= Nemuro Belt =

The Nemuro Belt (根室帯, Nemuro-tai) is the easternmost tectonic unit or terrane of Hokkaidō, Japan. The boundary with the Tokoro Belt to the west is marked by the Abashiri Tectonic Line (網走構造線), which runs from the area of Abashiri on the north coast to that of Urahoro on the south coast, the southern portion coinciding with the Urahoro Fault (浦幌断層). The belt is composed of volcanogenic sediments and volcanic rocks — for the most part, basalt and andesites; these may be remnants of an island arc that took shape over an "east or southeast dipping intraoceanic subduction zone". As dated by potassium–argon geochronology and radiolarians, the oldest sequences are Campanian‐Maastrichtian. The belt has rotated counterclockwise some 15–25° since the Late Cretaceous.
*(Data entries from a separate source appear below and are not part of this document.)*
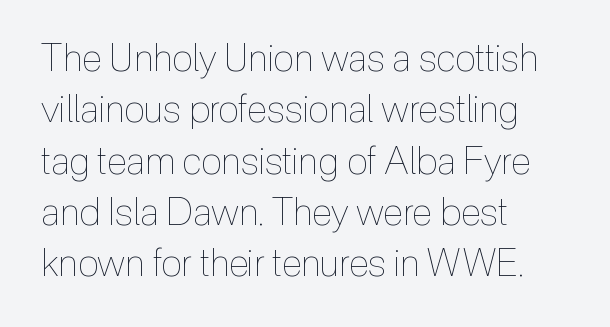
The image shows 38 px thin, condensed type, upright; set left-aligned, normal line spacing (1.35x), normal letter spacing, not underlined; a medium x-height.
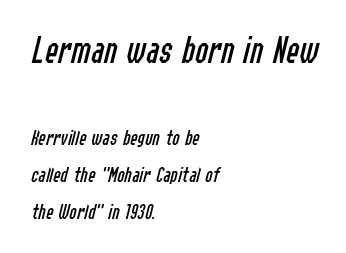
The image shows 39 px regular-weight, condensed type, italic (leaning right); set left-aligned, normal line spacing (1.67x), normal letter spacing, not underlined; the first (top) block is 1.77x larger; low stroke contrast and a medium x-height.
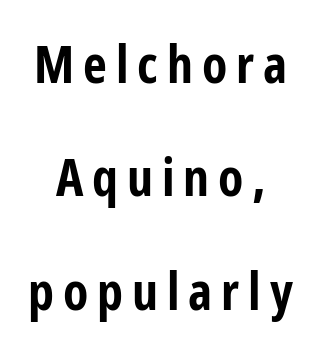
The image shows 52 px bold, condensed sans-serif type, upright; set centered, loose line spacing (2.18x), not underlined; low stroke contrast and a medium x-height.
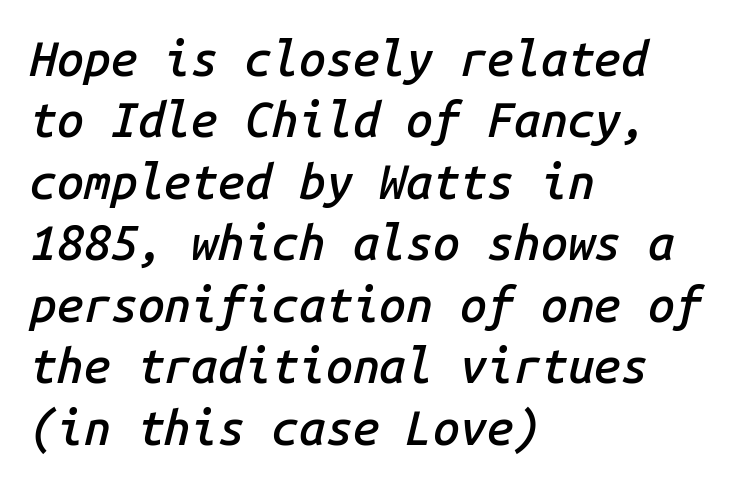
{"italic": "yes", "lean": "right", "slant_degrees": 14, "bold": "semi", "weight": "semibold", "width": "normal", "stroke_contrast": "low", "x_height": "medium", "monospaced": "yes", "underline": "no", "align": "left", "line_spacing": "normal", "line_spacing_ratio": 1.28, "letter_spacing": "normal", "letter_spacing_em": 0.0, "glyph_px": 48}
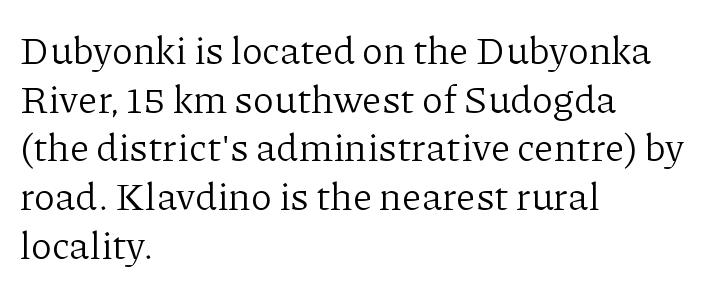
The image shows 39 px light serif type, upright; set left-aligned, normal line spacing (1.25x), normal letter spacing, not underlined; low stroke contrast and a medium x-height.
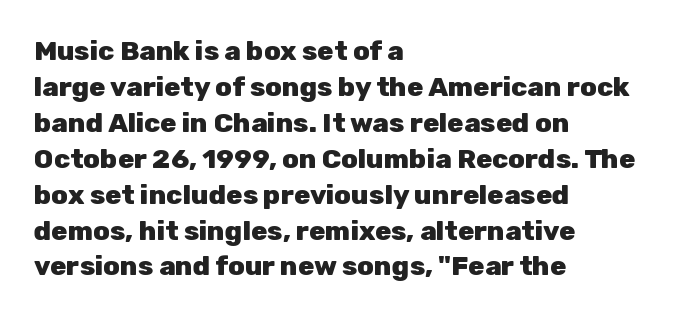
Is there much room between lines? A standard amount, neither cramped nor airy. This rendering features lettering with no underline. The typography opts for an upright posture over an oblique one. Standard letterfit; no display-style spreading of the glyphs. Line starts are locked; line ends wander. Heavy-handed strokes throughout: this text is bold.
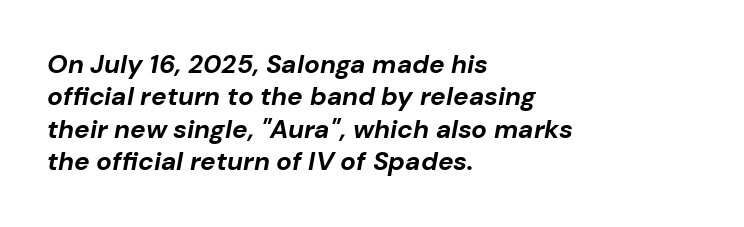
The image shows 26 px bold type, italic (leaning right); set left-aligned, normal line spacing (1.25x), normal letter spacing, not underlined.
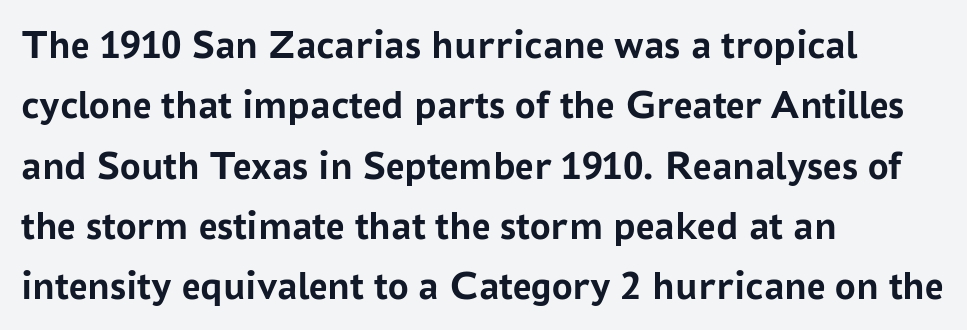
{"serif": "no", "italic": "no", "bold": "yes", "weight": "semibold", "width": "normal", "stroke_contrast": "low", "x_height": "medium", "monospaced": "no", "underline": "no", "align": "left", "line_spacing": "normal", "line_spacing_ratio": 1.47, "letter_spacing": "normal", "letter_spacing_em": 0.0, "glyph_px": 41}
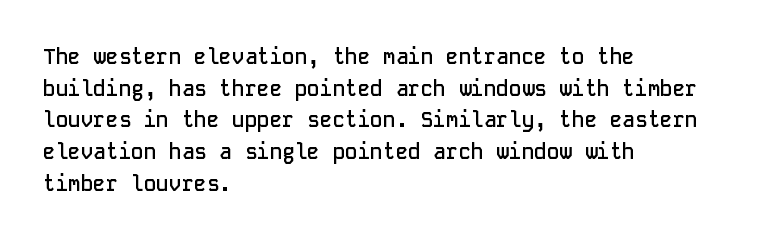
Q: Is the text bold? A: Semi-bold.
Q: Is the text italic (slanted)? A: No, it is upright.
Q: Is the text underlined? A: No.
Q: How is the paragraph aligned? A: Left-aligned.
Q: Is the spacing between letters normal or unusually wide? A: Normal.
Q: Is the spacing between lines tight, normal or loose? A: Normal.
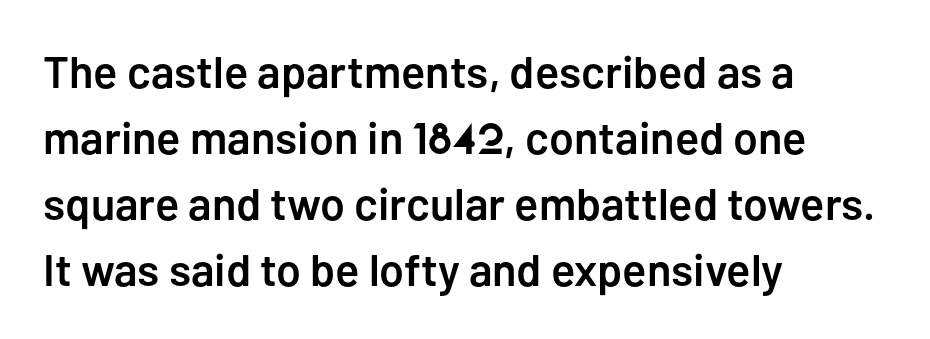
Q: Is the text bold? A: Semi-bold.
Q: Is the text italic (slanted)? A: No, it is upright.
Q: Is the typeface a serif or a sans-serif typeface? A: Sans-serif.
Q: Is the text underlined? A: No.
Q: How is the paragraph aligned? A: Left-aligned.
Q: Is the spacing between letters normal or unusually wide? A: Normal.
Q: Is the spacing between lines tight, normal or loose? A: Normal.
Q: Width (condensed, normal, or wide)? A: Normal.
Q: Stroke contrast? A: Low.
Q: x-height? A: Medium.
Q: Monospaced? A: No.
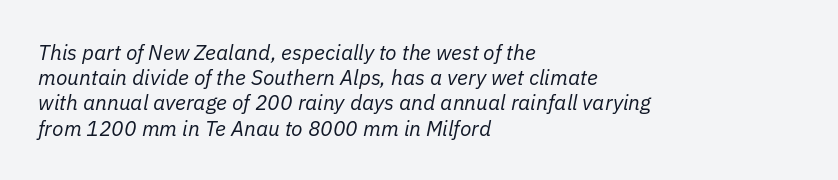
The image shows 21 px text type, italic (leaning right); set left-aligned, line spacing 1.2x, normal letter spacing, not underlined.

Running roughly east to west, the primary rock strata of the Nemuro Belt are the Late Cretaceous (Campanian) to early Palaeogene (Palaeocene and, in places, Eocene) deposits of the Nemuro Group (根室層群), which occur in the Shiranuka Hills and extend along the south coast from Kushiro and the Nemuro Peninsula into the South Kurils, to Zelyony (Shibotsu) and Shikotan, and perhaps as far as the submarine Vityaz Ridge. The Nemuro Group is in part overlain by the Middle Eocene Urahoro Group (浦幌層群), which is in turn overlain by the Upper Eocene to Lower Oligocene Onbetsu Group (音別層群).

==Nemuro Group==
The group includes the following formations, in ascending order:
- Nokkamappu Formation (ノッカマップ層)
- Ōtamura Formation (太田村層)
- Monshizu Formation (門静層)
- Oborogawa Formation (尾幌川層)
- Hamanaka Formation (浜中層)
- Akkeshi Formation (厚岸層)
- Tokotan Formation (床潭層)
- Kiritappu Formation (霧多布層)

==Urahoro Group==
The group includes the following formations, in ascending order:
- Beppo Formation (別保層)
- Harutori Formation (春採層)
- Tenneru Formation (天寧層)
- Yūbetsu Formation (雄別層)
- Shitakara Formation (舌辛層)
- Shakubetsu Formation (尺別層)

At the western end, the Rushin Formation (留真層) correlates with the Beppo, Harutori, and Tenneru Formations.